ARM Cortex-M Microcontroller startup files

Jens Bauer via Digitalmars-d digitalmars-d at puremagic.com
Sat May 2 18:57:44 PDT 2015


On Sunday, 3 May 2015 at 00:59:07 UTC, Mike wrote:
> On Saturday, 2 May 2015 at 21:53:42 UTC, Martin Nowak wrote:
>
> {snip} these 32-bit ARM chips have processing power to spare.

Definitely. Even though they might only be running between 100 
and 200 MHz, they're much more powerful than the computers we had 
in the 80's.

> {snip} if I'm  building a user interface that involves images,
> TrueType fonts, vector graphics, etc..., dynamic memory
> allocation is quite useful, if not essential.

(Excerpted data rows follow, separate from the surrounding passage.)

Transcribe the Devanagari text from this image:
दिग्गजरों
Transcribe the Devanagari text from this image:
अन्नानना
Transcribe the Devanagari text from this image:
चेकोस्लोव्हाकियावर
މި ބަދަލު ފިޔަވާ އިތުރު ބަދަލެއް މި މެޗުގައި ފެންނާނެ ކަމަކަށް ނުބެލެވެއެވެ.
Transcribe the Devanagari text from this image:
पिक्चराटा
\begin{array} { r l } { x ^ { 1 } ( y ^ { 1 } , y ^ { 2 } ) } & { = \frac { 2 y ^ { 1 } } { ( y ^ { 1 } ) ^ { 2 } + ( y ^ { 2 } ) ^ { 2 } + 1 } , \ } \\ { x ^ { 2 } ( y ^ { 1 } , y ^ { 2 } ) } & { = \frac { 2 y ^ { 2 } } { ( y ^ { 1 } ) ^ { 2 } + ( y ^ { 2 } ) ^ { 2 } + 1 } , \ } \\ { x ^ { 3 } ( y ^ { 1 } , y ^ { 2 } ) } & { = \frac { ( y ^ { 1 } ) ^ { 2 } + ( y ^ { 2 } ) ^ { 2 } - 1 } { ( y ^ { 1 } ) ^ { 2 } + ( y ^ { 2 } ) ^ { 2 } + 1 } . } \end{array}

TTF. That sounds pretty amazing! :)

> I suggest refraining from requiring or preventing any feature, 
> including garbage collection and exceptions.  Rather, we can 
> gradually make each feature available as the need arises, and 
> the user can opt in and make their own tradeoffs.

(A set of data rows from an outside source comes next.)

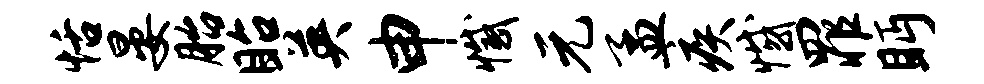
恬晏胎眙英申撼元孟疾憾罪眄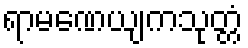
ရာမဏေယျကသုတ္တံ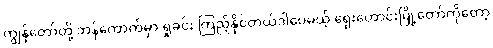
ကျွန်တော်တို့ ဘန်ကောက်မှာ ရှုခင်း ကြည့်နိုင်တယ်ဒါပေမယ့် ရှေးဟောင်းမြို့တော်ကိုတော့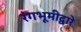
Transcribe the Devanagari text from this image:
रंगभूमीद्वारे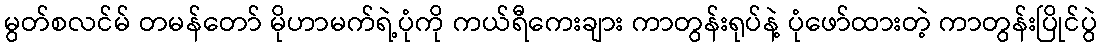
မွတ်စလင်မ် တမန်တော် မိုဟာမက်ရဲ့ပုံကို ကယ်ရီကေးချား ကာတွန်းရုပ်နဲ့ ပုံဖော်ထားတဲ့ ကာတွန်းပြိုင်ပွဲ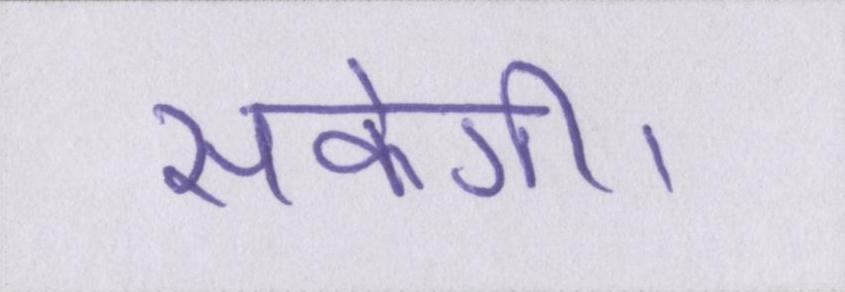
सकेगी।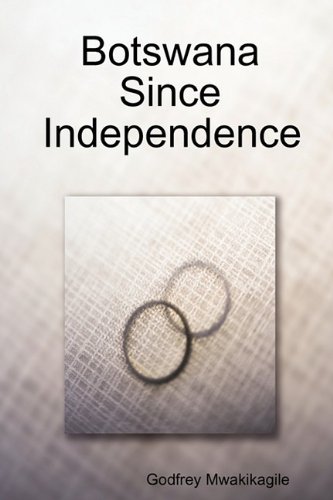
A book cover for Botswana Since Independence; Godfrey Mwakikagile; Travel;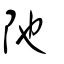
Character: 阤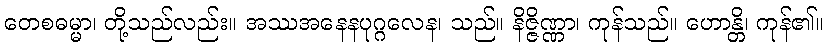
တေစဓမ္မာ၊ တို့သည်လည်း။ အဿအနေနပုဂ္ဂလေန၊ သည်။ နိဇ္ဇိဏ္ဏာ၊ ကုန်သည်။ ဟောန္တိ၊ ကုန်၏။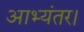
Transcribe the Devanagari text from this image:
आभ्यंतर।

Agree. I'm hoping to find some good places where we can slice the 
cake, so we don't have to eat it all at once. ;)

I'll not be working much on a malloc, but I will be thinking a 
little about a size-optimized / well-performing malloc could be 
written (approximately).
Perhaps I could combine my MiniMalloc with clusters of small 
blocks.
Maybe I could make an 'opt-in' on small blocks.
(In my first implementation of small-block clusters, I had blocks 
of sizes 1 ... 32 bytes, and each cluster contained 128 blocks. 
Each block had a bit in a 128-bit field, which marked it as 
used/free). It was fairly quick to find the cluster a block 
belonged to, and the overhead per block was only a single bit + 
the malloc header. If running out of free blocks in a cluster, 
another cluster was allocated.
This might be suitable for MCUs, but clusters should probably be 
in 16 blocks or 32 blocks, in order to avoid wasting too much 
space. Block sizes might only need to be 1, 2, 4, 8, 16 and 32 
bytes (perhaps depending on the RAM available).